程紫清自己坐在房车内,还有点不习惯,她透过窗户向外望,想起一个半月前自己还不知道站在哪里候场,现在居然演上了黄导的戏,还压李仪范一头,她肯定气疯了。本以为按她的作风,肯定会大闹,不知道怎么这次这么安分,看来传言是真的,李保跟她分手,所以没人护着她,法力全失了吧。
词背得很熟,现在还没开始走戏,有些空余,不知道干吗。
以前这时候,她都是跟裴姐边聊天边搭档背词。过去她演的角色的词,全天下第一熟的是程紫清本人,第二个就是裴姐。
想了想,还是拿起手机,片刻后,裴姐如约敲响她的门,神情却不那么自然。确切地说,很努力表现得自然但还是失败了。程紫清比她大度轻松多了,也许这跟她是演员有很大关系。反正这孩子向来习惯隐藏自己内心的真实看法,开心也不表现出来,在片场被人欺负了也从来不说。
“角色拿到了,替我谢谢你经纪人。”
“好。词多不多?”裴姐能感觉到程紫清现在有明星范儿了,她说话既缓慢又从容。
“第一个角色嘛,能有个两三句可以了。而且还是名导的电影。”
程紫清点点头,关心问:“带她跑过剧组吗?”
“嗯,跑过。”
“怎么样?”
“刚开始嘛,都差不多。”
像是忍耐了很久,程紫清看着裴姐,以近乎坦白的口吻说:“等我火了,我就回去给你做艺人。以后,我们俩人还一起工作,你也不用再带新人四处跑剧组,不用这么辛苦。”
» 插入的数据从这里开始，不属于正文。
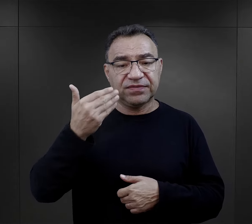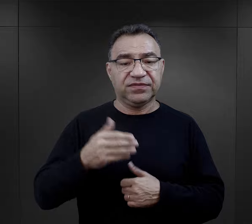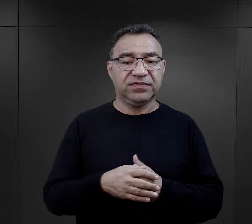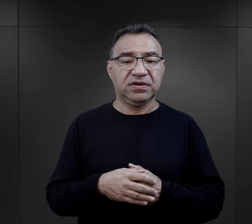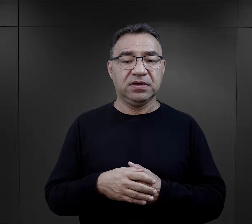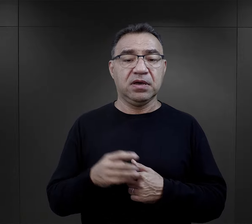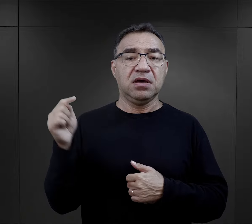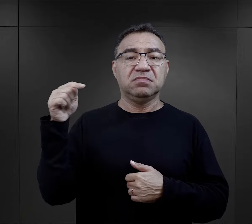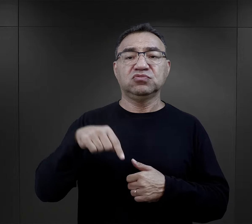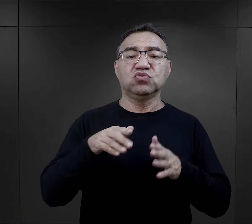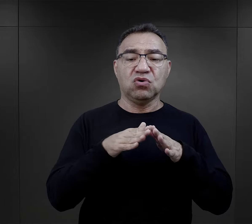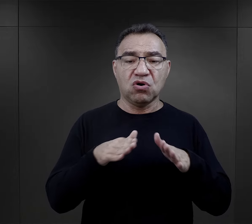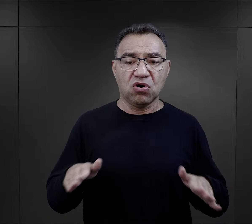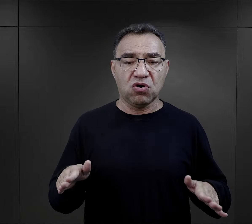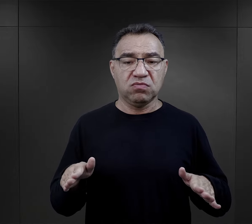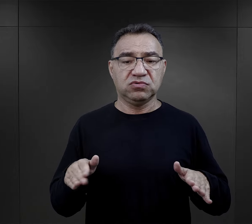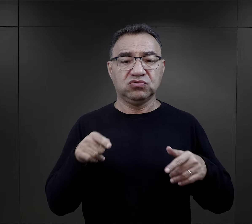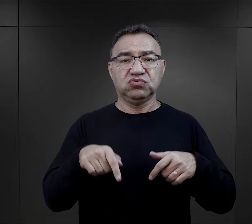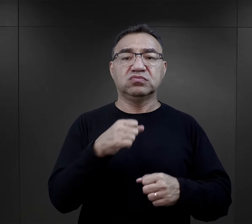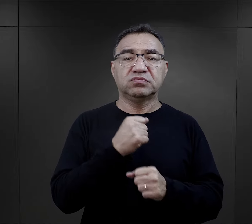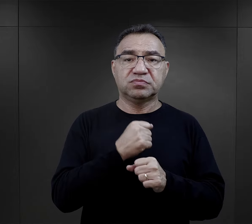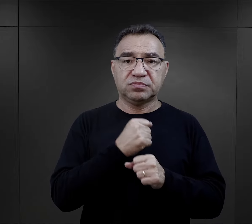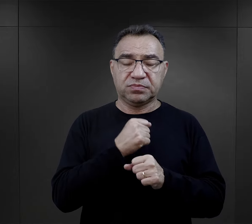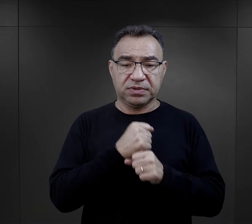„przyjechaliście do obozu, gdzie macie pracować,

裴姐从进门开始就在强装淡定,程紫清坐在明亮整洁的房车里,烈日下她身上散发着微酸的汗水味,踏进门后甚至生出退却心里,她觉得自己与现在的程紫清太不相配。而紫清坐在里面,丝滑的长发自然垂下,举手投足都优雅,好像天然就该属于这个场域。裴姐的衣服穿来穿去都是那几件,全身上下加起来不超过三百,而如今程紫清光头发上的一个名牌发卡就两千块,更别提她全身新配置的大牌衣服。
“你跟着君姐好好的,我就放心了。”
程紫清听了,眼头一酸:“她已经取代我了是不是?你现在更喜欢她,不喜欢我了?”
裴姐无奈注视着眼前的知名演员,看见的却是十七岁跟着自己走南闯北的那个小女孩。
程紫清一直都比同年龄段的人成熟,她不撒娇也不任性,她很清楚自己要做什么,埋头苦干学演戏,特别认真。裴姐印象中程紫清只有刚入行的时候是有情绪的,她会因为背不好台词痛哭,会因为跑哪个剧组跟裴姐置气,也会因为裴姐对其他同龄的新人女演员搭话感到不安,她害怕被取代。裴姐发现后,就尽量不跟其他女孩讲话,照顾紫清的感受。她也喜欢被紫清依赖的感觉,裴姐没有孩子,她把紫清当自己的孩子。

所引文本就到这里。